_EXERCISE DIRECTIONS_
Output only the lines below from the one containing "107.95 170.84 101.3" to the one containing "69.46 90.61 61.96", exactly as written, both ends kept.

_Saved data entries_
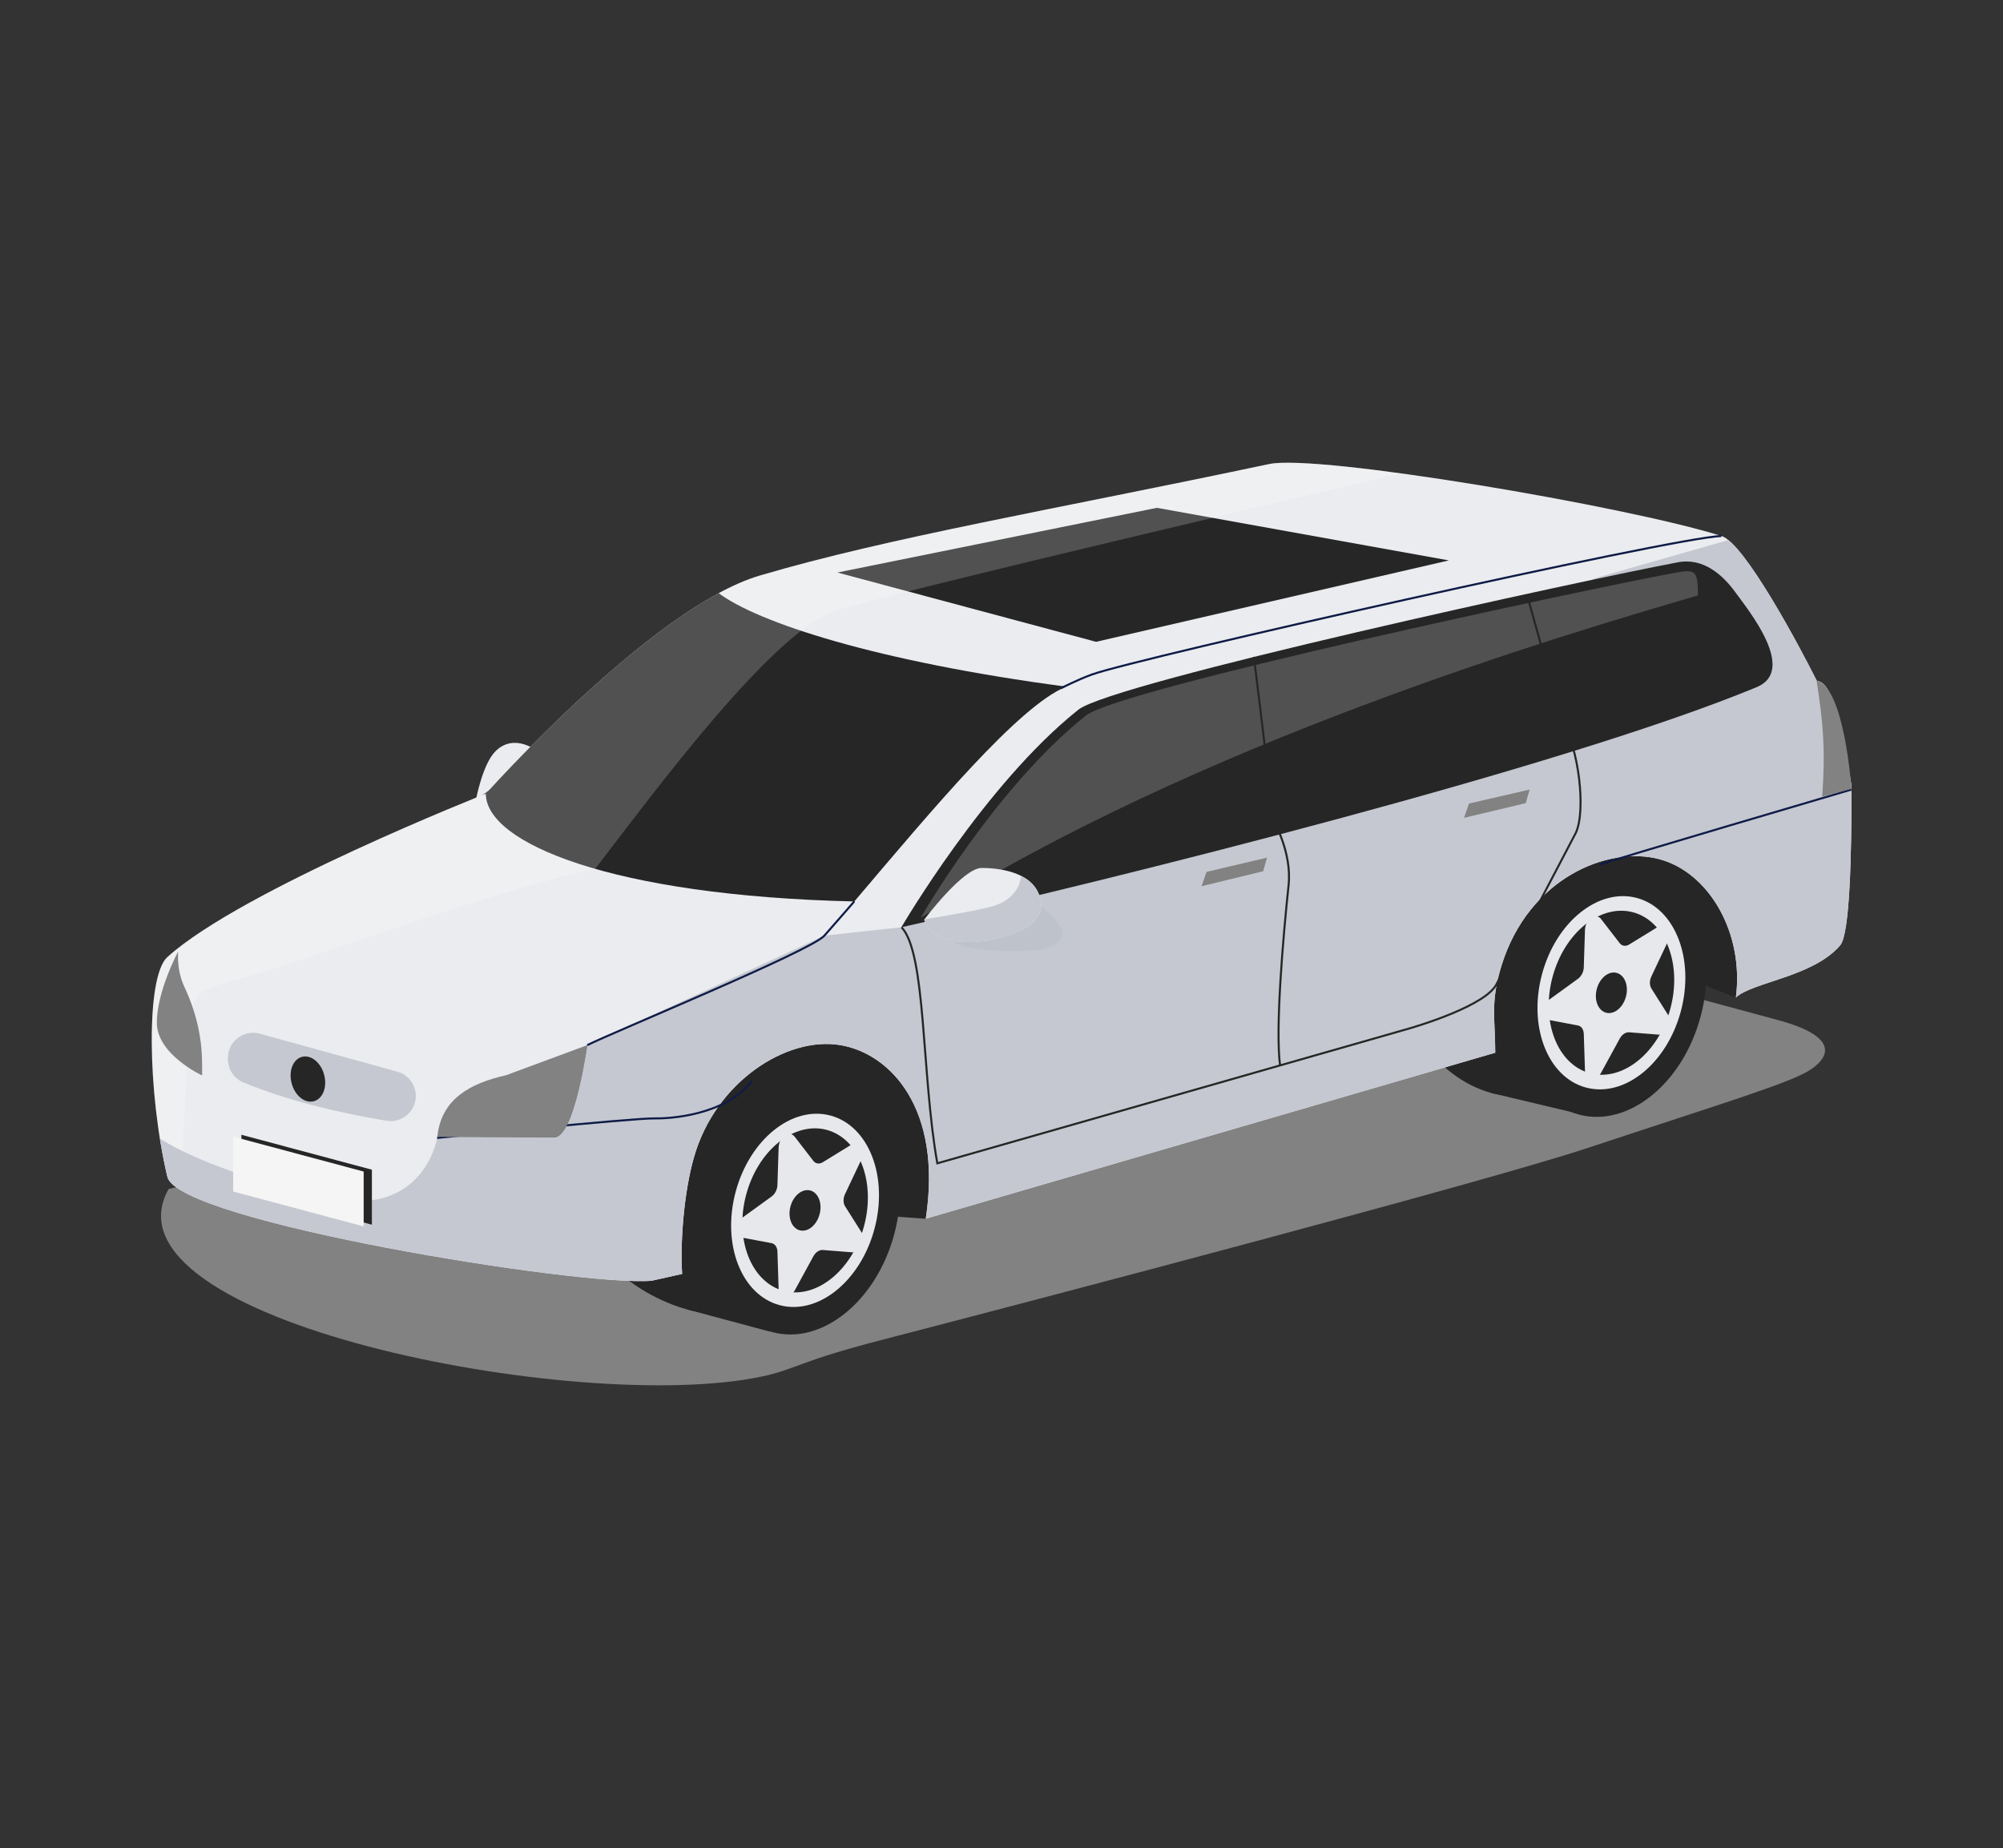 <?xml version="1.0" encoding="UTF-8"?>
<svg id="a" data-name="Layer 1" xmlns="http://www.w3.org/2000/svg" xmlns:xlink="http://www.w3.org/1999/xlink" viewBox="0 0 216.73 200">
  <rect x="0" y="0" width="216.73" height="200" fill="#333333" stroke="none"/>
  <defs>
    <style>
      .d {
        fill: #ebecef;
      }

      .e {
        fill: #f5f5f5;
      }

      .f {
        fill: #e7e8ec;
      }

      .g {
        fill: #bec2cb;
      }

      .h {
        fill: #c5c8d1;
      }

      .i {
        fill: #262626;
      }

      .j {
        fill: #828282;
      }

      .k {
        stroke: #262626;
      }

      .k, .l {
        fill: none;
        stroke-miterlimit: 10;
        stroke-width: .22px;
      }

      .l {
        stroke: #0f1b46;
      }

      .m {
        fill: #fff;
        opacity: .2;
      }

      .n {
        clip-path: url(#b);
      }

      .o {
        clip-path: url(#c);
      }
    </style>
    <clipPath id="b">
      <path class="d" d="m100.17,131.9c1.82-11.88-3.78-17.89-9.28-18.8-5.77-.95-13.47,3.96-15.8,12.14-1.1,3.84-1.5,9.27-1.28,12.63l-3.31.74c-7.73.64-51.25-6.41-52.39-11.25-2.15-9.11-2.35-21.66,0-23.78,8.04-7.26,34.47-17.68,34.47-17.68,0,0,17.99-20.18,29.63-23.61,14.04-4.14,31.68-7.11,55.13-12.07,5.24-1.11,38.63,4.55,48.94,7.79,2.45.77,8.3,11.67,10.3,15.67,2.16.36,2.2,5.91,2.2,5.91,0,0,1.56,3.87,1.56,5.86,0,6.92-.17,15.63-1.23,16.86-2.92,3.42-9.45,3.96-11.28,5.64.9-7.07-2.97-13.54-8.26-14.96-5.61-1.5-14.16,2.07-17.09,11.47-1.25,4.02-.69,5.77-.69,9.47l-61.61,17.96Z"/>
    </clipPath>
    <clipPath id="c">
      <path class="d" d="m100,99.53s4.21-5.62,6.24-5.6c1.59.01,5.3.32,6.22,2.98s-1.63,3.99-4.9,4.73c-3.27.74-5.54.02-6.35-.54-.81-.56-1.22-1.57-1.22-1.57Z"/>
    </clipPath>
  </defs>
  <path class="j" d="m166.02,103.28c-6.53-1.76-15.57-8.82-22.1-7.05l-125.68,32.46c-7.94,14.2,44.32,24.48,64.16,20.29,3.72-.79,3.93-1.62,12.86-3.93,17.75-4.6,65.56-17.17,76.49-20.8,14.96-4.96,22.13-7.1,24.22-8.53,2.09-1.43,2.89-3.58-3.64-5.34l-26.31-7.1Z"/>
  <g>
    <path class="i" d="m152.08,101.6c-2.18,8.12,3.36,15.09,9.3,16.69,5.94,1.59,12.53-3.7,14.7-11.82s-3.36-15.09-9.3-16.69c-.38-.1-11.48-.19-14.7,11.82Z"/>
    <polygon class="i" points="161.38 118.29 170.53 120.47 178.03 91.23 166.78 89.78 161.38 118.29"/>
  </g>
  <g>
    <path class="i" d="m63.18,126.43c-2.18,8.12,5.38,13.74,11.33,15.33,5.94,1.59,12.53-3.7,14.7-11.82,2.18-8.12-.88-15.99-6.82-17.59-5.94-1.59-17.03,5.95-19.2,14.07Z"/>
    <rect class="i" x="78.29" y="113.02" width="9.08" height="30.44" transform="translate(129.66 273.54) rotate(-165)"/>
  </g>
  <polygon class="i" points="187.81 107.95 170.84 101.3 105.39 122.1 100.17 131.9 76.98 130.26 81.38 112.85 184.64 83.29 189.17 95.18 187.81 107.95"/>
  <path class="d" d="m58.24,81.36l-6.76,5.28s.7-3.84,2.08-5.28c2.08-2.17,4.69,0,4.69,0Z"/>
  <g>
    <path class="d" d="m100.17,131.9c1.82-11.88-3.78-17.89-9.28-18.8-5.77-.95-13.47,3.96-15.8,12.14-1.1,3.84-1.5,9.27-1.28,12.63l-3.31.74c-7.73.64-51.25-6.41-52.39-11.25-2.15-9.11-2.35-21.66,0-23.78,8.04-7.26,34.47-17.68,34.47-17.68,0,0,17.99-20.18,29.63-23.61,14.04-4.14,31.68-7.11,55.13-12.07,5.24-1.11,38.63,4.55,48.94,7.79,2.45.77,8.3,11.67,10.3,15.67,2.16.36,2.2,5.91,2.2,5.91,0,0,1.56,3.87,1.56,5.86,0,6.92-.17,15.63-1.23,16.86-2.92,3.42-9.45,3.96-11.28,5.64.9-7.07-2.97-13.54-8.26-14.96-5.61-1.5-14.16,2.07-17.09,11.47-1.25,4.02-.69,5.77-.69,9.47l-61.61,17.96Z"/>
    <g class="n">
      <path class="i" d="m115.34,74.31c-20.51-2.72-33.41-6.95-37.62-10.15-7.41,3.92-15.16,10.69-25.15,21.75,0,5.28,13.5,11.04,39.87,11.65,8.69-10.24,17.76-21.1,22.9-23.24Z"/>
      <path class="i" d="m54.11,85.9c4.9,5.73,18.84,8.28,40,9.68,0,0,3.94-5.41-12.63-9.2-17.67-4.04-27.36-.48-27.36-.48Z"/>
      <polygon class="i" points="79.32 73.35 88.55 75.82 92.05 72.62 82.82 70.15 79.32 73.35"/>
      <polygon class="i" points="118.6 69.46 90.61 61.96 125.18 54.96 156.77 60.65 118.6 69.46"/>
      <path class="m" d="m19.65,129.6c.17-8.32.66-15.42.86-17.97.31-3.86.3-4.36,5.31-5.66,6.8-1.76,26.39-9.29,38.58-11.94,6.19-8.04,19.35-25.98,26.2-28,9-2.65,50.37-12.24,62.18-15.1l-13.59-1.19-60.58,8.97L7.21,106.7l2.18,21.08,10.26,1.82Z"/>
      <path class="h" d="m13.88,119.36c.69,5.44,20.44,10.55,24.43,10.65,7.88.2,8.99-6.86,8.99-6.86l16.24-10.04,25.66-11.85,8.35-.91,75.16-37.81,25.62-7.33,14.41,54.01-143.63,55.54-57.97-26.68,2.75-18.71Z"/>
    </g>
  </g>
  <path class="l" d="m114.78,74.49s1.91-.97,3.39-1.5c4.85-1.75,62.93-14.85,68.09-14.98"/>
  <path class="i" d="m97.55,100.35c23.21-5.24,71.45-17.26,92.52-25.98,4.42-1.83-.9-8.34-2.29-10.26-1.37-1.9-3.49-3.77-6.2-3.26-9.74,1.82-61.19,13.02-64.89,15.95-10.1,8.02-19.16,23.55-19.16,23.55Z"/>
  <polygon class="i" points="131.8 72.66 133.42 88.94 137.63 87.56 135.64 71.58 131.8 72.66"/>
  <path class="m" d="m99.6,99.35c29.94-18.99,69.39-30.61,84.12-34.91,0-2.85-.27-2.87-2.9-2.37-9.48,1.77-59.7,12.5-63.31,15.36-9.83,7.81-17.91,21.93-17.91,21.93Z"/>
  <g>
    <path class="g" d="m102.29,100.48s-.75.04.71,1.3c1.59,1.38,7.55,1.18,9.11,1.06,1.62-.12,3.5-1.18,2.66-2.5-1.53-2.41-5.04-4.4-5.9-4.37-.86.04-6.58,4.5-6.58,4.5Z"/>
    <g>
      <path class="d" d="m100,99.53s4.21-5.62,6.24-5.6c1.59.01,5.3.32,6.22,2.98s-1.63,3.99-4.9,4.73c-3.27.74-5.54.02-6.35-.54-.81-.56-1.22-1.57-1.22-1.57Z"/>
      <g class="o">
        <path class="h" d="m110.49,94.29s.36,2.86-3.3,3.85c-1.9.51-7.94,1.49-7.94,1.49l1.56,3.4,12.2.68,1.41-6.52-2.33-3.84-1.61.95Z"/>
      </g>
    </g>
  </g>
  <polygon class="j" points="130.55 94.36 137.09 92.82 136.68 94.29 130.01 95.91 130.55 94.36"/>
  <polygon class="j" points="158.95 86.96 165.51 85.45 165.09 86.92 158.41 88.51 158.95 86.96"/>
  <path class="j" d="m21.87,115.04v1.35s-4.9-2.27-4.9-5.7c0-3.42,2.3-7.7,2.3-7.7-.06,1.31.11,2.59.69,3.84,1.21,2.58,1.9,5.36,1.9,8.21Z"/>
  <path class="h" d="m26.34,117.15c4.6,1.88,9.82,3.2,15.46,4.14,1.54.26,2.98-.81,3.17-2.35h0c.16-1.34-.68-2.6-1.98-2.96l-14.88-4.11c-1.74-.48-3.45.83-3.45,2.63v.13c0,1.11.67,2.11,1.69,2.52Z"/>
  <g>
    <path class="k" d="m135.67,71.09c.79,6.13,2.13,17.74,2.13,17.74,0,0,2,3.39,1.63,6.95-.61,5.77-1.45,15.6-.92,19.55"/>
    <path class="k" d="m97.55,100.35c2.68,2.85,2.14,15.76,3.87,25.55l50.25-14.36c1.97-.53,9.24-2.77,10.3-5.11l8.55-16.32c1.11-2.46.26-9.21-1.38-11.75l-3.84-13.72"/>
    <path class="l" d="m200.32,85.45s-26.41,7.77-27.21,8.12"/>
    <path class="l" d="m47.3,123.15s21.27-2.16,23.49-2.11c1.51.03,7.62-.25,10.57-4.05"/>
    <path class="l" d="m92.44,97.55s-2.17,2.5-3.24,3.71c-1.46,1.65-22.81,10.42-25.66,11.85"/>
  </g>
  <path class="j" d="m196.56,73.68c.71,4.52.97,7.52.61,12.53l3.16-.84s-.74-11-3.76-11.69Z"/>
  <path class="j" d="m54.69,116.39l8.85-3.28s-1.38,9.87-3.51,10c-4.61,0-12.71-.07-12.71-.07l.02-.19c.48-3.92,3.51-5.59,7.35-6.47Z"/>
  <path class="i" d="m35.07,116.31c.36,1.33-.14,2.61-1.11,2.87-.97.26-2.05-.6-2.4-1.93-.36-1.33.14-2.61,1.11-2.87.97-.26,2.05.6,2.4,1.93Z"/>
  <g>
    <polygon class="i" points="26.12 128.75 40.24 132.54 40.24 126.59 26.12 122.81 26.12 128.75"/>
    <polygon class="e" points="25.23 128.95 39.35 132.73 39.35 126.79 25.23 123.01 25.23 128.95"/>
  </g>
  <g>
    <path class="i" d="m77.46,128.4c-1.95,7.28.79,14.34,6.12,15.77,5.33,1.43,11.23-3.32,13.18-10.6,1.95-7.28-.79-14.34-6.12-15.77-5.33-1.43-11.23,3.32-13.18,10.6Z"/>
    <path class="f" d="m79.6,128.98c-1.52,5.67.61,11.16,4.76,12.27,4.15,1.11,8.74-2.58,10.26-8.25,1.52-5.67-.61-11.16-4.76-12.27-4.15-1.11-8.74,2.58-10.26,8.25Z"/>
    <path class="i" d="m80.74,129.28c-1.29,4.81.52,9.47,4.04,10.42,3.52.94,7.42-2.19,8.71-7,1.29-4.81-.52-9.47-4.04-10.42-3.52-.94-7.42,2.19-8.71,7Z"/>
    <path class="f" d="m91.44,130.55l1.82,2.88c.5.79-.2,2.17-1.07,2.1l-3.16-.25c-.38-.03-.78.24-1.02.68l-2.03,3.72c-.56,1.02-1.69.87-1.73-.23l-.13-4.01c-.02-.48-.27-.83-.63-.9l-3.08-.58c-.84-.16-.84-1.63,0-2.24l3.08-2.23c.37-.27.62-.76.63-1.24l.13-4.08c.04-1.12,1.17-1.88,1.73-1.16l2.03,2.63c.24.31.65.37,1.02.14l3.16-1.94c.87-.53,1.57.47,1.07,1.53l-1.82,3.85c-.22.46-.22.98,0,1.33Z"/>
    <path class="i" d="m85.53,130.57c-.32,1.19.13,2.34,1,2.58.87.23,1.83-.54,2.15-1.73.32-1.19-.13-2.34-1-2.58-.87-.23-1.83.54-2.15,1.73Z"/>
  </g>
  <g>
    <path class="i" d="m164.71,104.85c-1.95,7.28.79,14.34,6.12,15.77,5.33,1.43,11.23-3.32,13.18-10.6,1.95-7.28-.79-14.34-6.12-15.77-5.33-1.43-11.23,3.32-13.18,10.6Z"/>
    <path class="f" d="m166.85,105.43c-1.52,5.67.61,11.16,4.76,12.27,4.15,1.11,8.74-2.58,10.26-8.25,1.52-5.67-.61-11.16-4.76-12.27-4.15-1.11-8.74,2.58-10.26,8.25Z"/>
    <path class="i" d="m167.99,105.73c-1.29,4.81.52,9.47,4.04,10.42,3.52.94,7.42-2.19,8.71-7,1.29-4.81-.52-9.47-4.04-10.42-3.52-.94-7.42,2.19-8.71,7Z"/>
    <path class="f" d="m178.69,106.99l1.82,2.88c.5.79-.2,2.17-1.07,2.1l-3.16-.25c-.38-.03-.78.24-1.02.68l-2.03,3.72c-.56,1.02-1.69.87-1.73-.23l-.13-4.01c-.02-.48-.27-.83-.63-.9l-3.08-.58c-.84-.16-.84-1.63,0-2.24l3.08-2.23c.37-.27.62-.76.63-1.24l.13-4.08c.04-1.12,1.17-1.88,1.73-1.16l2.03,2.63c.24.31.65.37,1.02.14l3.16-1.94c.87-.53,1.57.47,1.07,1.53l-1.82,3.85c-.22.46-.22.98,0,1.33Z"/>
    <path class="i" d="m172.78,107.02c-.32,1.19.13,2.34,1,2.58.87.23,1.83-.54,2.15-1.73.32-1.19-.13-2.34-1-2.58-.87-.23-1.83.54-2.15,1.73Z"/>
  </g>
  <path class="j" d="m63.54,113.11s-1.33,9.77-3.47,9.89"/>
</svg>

_SOLUTION BELOW_
  <polygon class="i" points="187.81 107.95 170.84 101.3 105.39 122.1 100.17 131.9 76.98 130.26 81.38 112.85 184.64 83.29 189.17 95.18 187.81 107.95"/>
  <path class="d" d="m58.24,81.36l-6.76,5.28s.7-3.84,2.08-5.28c2.08-2.17,4.69,0,4.69,0Z"/>
  <g>
    <path class="d" d="m100.17,131.9c1.82-11.88-3.78-17.89-9.28-18.8-5.77-.95-13.47,3.96-15.8,12.14-1.1,3.84-1.5,9.27-1.28,12.63l-3.31.74c-7.73.64-51.25-6.41-52.39-11.25-2.15-9.11-2.35-21.66,0-23.78,8.04-7.26,34.47-17.68,34.47-17.68,0,0,17.99-20.18,29.63-23.61,14.04-4.14,31.68-7.11,55.13-12.07,5.24-1.11,38.63,4.55,48.94,7.79,2.45.77,8.3,11.67,10.3,15.67,2.16.36,2.2,5.91,2.2,5.91,0,0,1.56,3.87,1.56,5.86,0,6.92-.17,15.63-1.23,16.86-2.92,3.42-9.45,3.96-11.28,5.64.9-7.07-2.97-13.54-8.26-14.96-5.61-1.5-14.16,2.07-17.09,11.47-1.25,4.02-.69,5.77-.69,9.47l-61.61,17.96Z"/>
    <g class="n">
      <path class="i" d="m115.34,74.31c-20.51-2.72-33.41-6.95-37.62-10.15-7.41,3.92-15.16,10.69-25.15,21.75,0,5.28,13.5,11.04,39.87,11.65,8.69-10.24,17.76-21.1,22.9-23.24Z"/>
      <path class="i" d="m54.11,85.9c4.9,5.73,18.84,8.28,40,9.68,0,0,3.94-5.41-12.63-9.2-17.67-4.04-27.36-.48-27.36-.48Z"/>
      <polygon class="i" points="79.32 73.35 88.55 75.82 92.05 72.62 82.82 70.15 79.32 73.35"/>
      <polygon class="i" points="118.6 69.46 90.61 61.96 125.18 54.96 156.77 60.65 118.6 69.46"/>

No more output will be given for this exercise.